Como seres humanos con sus cincos sentidos en orden tendemos a querer mirar con los ojos abiertos. ¿Alguna vez has intentado cerrar los ojos y observar lo que tienes a tu alrededor?

Fui una de las pocas personas privilegiadas a las que invitaron a la fiesta del humo. El objetivo básicamente era no ver, simplemente sentir. Lo que no me contaron es que la gente iba allí para ignorar la realidad a la que estamos acostumbrados, a la rutina, al desgaste del día a día.

Me soltaron sin darme ninguna explicación. Al principio mantuve los ojos abiertos para entender en qué lugar me encontraba. Intenté disipar algo entre un humo tan espeso que hacía que mis lacrimales respondieran al tacto rugoso provocando un escozor que finalizaba con lágrimas enormes que recorrían mis mejillas. Mis ojos no conseguían ver nada pero eran capaces de absorber el aroma de la putrefacción de días eternos sin ducha, sin nada que llevarse a la boca, sin oportunidad de descanso. El humo distorsionaba mis pasos aunque era capaz de notar la presencia de decenas de personas que se encontraban allí conmigo. Era incapaz de averiguar si el espacio en el que me hallaba contaba con paredes y techo. Tan solo palpaba con mis zapatillas gastadas un suelo liso y resbaloso.
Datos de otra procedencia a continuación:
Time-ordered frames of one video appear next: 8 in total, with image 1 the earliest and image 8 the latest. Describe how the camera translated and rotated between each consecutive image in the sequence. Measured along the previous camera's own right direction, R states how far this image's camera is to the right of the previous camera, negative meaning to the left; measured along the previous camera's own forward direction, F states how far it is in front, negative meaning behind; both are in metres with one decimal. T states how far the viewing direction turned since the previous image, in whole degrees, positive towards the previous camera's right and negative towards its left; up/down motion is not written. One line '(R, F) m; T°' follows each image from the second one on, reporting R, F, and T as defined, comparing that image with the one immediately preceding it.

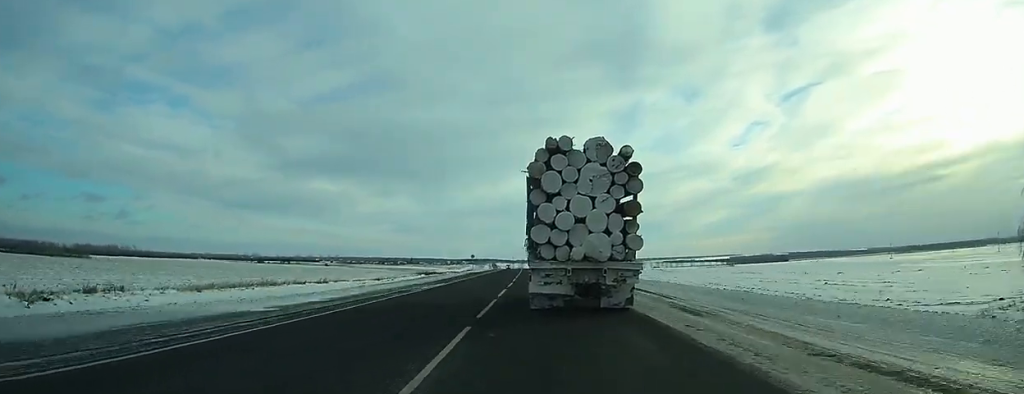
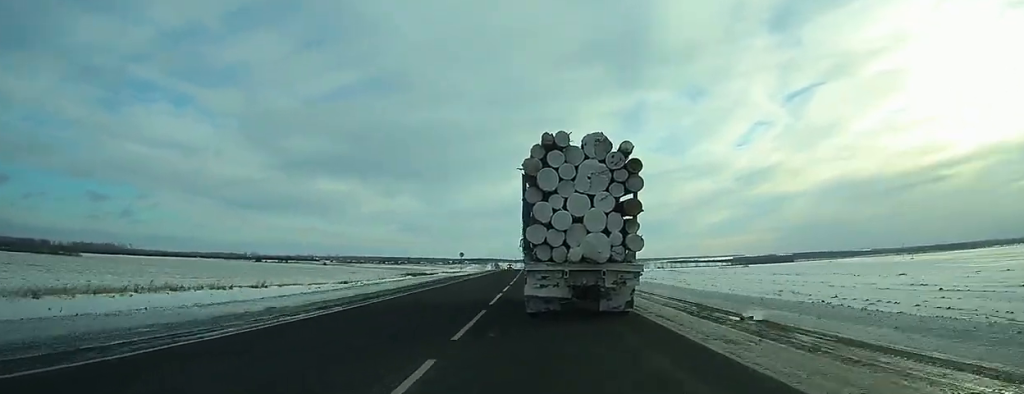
(0.0, +20.6) m; 0°
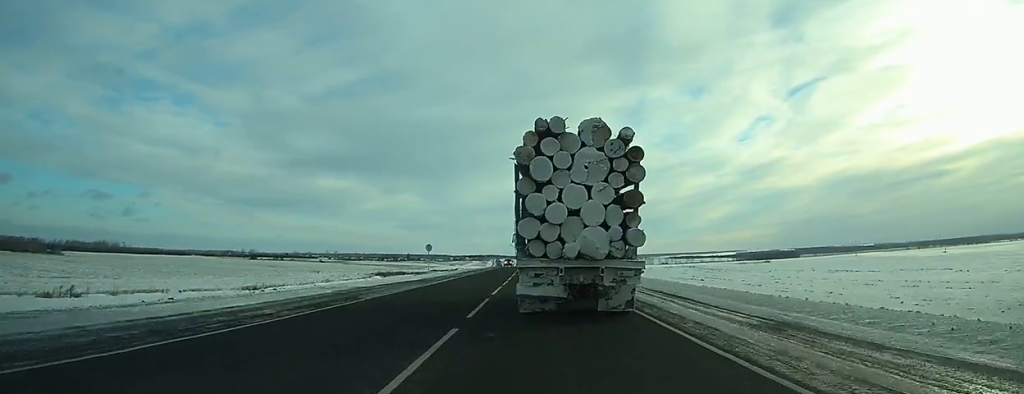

Con los ojos aún abiertos me choqué con alguien, pero no podía ver cómo era. Empecé a inspeccionarlo con mis manos. Algo más alto que yo, la piel estaba algo seca, casi sin vida. Cuando posé mis manos sobre sus ojos me di cuenta de que los tenía cerrados y, cuando rocé sus labios, noté su sonrisa. Pero él no me respondía. Simplemente dejaba que le tocase sin ningún remordimiento, sin ninguna reacción.

Así sucedió con unos cuantos más pero nunca nadie respondía a mis caricias. Tampoco hacían caso a mi voz, la cual se quedaba sobrevolando en el aire sin encontrar ningún receptor que la escuchase. Sin embargo, todos ellos tenían en común una postura rígida, inamovible y, sobre todo, que sus ojos se encontraban cerrados y su sonrisa permanente.

Pasaban las horas, incluso llegaron a pasar días y me sentía desesperada intentando encontrar la salida entre todo ese humo espeso. ¿Por qué me invitaron? ¿Por qué acepté? ¿Qué querían de mí?

Los ojos no dejaban de picarme y de escocer. A causa del agotamiento me desplomé hasta quedarme profundamente dormida. Noté un ligero roce en mis brazos, apenas fui capaz de sentir cómo me levantaban y me ponían de pie, totalmente rígida.

Unas suaves manos cerraron mis ojos y expandieron la comisura de mis labios hasta hacerme sonreír. Pasados unos minutos ya no sentía nada, pero mi cerebro sabía que me estaban manipulando, que me estaban utilizando, que hacían de mí lo que realmente querían sin yo tan siquiera darme cuenta, sin poder reaccionar.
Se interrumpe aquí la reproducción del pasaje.